Al principio acepté con resignación y cierta perplejidad su inclusión en el programa, y me relajé, intentando disfrutar del espectáculo. Cuando llegó el turno de entonar Aurora; no sé muy bien si se trató del fervor con el cual la entonó Darío, en homenaje de sus camaradas de Malvinas, o las reminiscencias de mis años estudiantiles, o el sentimiento patrio que los años transcurridos habían hecho surgir en mí; pero la cuestión es que su interpretación impactó fuerte en mi espíritu, y hasta admito que me llegó a emocionar.
Sin temor a equivocarme, creo que Darío Volonté significó mi reconciliación definitiva, hasta el día de hoy, con “Aurora”, la “Canción” que, hasta ese momento, muchos pensábamos que había sido especialmente compuesta para acompañar el izamiento de la Enseña Patria.
Fue con bastante posterioridad que conocí que en realidad, “Aurora” no se trataba únicamente de una simple “canción”; sino que era el nombre de una “Opera”, que en ocasión del “Centenario”, el Gobierno Nacional había encomendado su composición, en el marco de los festejos que se iban a celebrar en 1910.
Nuestro compatriota Héctor Panizza (1875-1967) estuvo a cargo de componer la música de “Aurora”. Panizza era un prestigioso compositor que había estudiado en Milán y dirigió orquestas en la Scala de esa ciudad, junto con Toscanini, en el Liceo, de Barcelona, o la Opera Cómica de París, entre otros coliseos de nivel internacional.

Héctor Panizza
El libreto (la letra) de la Opera estuvo a cargo del italiano Luigi Illica, que era muy famoso, ya que había sido también el autor de los textos de la mayoría de las óperas de Puccini, como lo fueron: Tosca, Madame Butterfly y la Bohème. La conclusión inmediata y paradójica de ello fue que la “Opera Patria” argentina fue compuesta para ser cantada TOTALMENTE en italiano.
Como vemos, se trató de un equipo de lujo y cumplieron acabadamente su cometido. La Ópera se estrenó en el Teatro Colón, de Buenos Aires, el 5 de Setiembre de 1908 y la orquesta fue dirigida por el propio maestro Héctor Panizza. En su estreno, tuvo un éxito abrumador; siendo ovacionados sus autores por el público concurrente, y obteniendo una excelente crítica en los medios de la época.

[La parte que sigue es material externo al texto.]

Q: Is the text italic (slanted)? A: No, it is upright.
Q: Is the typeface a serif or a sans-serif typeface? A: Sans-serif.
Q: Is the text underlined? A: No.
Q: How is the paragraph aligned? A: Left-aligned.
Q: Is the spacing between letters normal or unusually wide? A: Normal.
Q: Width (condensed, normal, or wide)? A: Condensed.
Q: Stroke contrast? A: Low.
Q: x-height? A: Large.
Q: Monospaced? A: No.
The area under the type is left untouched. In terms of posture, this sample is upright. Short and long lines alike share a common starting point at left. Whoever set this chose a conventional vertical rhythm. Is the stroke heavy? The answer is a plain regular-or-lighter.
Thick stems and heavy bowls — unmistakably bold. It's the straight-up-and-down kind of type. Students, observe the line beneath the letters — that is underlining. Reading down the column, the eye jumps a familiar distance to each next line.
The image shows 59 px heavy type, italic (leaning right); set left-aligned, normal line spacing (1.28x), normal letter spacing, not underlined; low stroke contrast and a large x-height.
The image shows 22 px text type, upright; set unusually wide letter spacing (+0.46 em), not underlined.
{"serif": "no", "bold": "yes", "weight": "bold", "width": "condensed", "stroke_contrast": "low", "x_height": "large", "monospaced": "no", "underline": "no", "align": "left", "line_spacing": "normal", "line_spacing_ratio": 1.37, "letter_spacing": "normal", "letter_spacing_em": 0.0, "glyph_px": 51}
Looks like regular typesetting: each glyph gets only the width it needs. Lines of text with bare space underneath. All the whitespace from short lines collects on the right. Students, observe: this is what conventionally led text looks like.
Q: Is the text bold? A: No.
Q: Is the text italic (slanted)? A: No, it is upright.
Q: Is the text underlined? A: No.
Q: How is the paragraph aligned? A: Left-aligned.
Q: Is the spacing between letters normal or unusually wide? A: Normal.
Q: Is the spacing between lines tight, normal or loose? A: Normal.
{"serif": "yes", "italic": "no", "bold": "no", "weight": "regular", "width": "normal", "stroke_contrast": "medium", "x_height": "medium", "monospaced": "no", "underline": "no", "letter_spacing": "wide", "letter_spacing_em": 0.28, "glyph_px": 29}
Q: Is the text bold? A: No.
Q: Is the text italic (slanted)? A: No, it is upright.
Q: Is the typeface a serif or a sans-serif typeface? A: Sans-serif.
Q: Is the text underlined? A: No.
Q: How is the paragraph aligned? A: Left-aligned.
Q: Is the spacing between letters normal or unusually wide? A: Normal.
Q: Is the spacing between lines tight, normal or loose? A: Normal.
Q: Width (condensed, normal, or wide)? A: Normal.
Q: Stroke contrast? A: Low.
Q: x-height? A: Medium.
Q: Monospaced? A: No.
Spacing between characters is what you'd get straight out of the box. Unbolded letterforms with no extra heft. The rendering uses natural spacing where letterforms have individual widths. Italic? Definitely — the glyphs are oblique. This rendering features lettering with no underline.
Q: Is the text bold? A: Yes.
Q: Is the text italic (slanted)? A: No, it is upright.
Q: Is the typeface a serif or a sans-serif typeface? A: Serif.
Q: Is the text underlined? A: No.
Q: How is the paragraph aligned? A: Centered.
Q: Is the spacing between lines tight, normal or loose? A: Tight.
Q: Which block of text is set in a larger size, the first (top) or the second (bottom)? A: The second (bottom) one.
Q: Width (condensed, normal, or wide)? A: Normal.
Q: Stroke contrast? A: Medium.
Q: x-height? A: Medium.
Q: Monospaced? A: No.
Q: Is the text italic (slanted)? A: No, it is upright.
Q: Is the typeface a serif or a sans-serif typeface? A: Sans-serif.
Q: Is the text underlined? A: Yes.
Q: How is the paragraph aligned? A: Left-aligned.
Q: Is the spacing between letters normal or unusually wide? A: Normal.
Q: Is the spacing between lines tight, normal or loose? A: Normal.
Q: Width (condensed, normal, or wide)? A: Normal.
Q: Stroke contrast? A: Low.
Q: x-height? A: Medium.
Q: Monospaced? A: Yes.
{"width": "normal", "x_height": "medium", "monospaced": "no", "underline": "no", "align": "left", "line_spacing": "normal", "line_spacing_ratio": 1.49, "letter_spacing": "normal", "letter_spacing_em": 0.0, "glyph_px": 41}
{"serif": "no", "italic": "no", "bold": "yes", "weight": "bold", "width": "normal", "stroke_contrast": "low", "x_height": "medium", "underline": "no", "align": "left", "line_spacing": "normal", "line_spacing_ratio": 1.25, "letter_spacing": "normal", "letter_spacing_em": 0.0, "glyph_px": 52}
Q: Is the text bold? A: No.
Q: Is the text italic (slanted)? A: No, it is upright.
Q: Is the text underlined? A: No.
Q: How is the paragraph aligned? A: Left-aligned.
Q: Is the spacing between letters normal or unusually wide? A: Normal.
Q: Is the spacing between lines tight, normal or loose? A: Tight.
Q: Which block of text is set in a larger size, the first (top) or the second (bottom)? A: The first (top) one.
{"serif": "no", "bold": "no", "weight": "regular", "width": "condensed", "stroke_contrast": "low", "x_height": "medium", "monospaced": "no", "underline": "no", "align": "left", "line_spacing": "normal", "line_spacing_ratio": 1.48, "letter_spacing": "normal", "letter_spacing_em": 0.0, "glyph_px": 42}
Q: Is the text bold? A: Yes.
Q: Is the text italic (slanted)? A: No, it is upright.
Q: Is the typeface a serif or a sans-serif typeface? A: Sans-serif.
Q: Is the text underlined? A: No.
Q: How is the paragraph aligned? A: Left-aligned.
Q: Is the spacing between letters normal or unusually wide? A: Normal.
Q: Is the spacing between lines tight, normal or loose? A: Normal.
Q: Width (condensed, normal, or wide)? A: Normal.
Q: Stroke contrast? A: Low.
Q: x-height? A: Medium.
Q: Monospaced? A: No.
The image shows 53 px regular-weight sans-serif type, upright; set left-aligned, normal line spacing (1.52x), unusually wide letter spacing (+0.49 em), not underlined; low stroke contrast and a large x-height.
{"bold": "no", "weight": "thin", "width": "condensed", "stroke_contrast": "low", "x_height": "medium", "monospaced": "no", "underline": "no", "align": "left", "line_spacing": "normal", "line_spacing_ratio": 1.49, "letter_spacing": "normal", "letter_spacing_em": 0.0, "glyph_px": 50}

El aria principal de la ópera se conocía originariamente como “Alta en el Cielo”; y tuvo un éxito tan rotundo, que los intérpretes la repetían al concluir cada actuación, a pedido del público. Esa aria, con el tiempo se transformó en la “Canción a la Bandera”, primero, y en “Aurora”, después, sustrayéndole definitivamente el nombre de la ópera, a la cual pertenecía.
La ópera Aurora trata sobre una heroína del mismo nombre y además, simboliza el amanecer de una nueva Nación; toda vez que la acción se sitúa durante Mayo de 1810, pero no en Buenos Aires, donde había tenido lugar la Revolución; sino, curiosamente en Córdoba.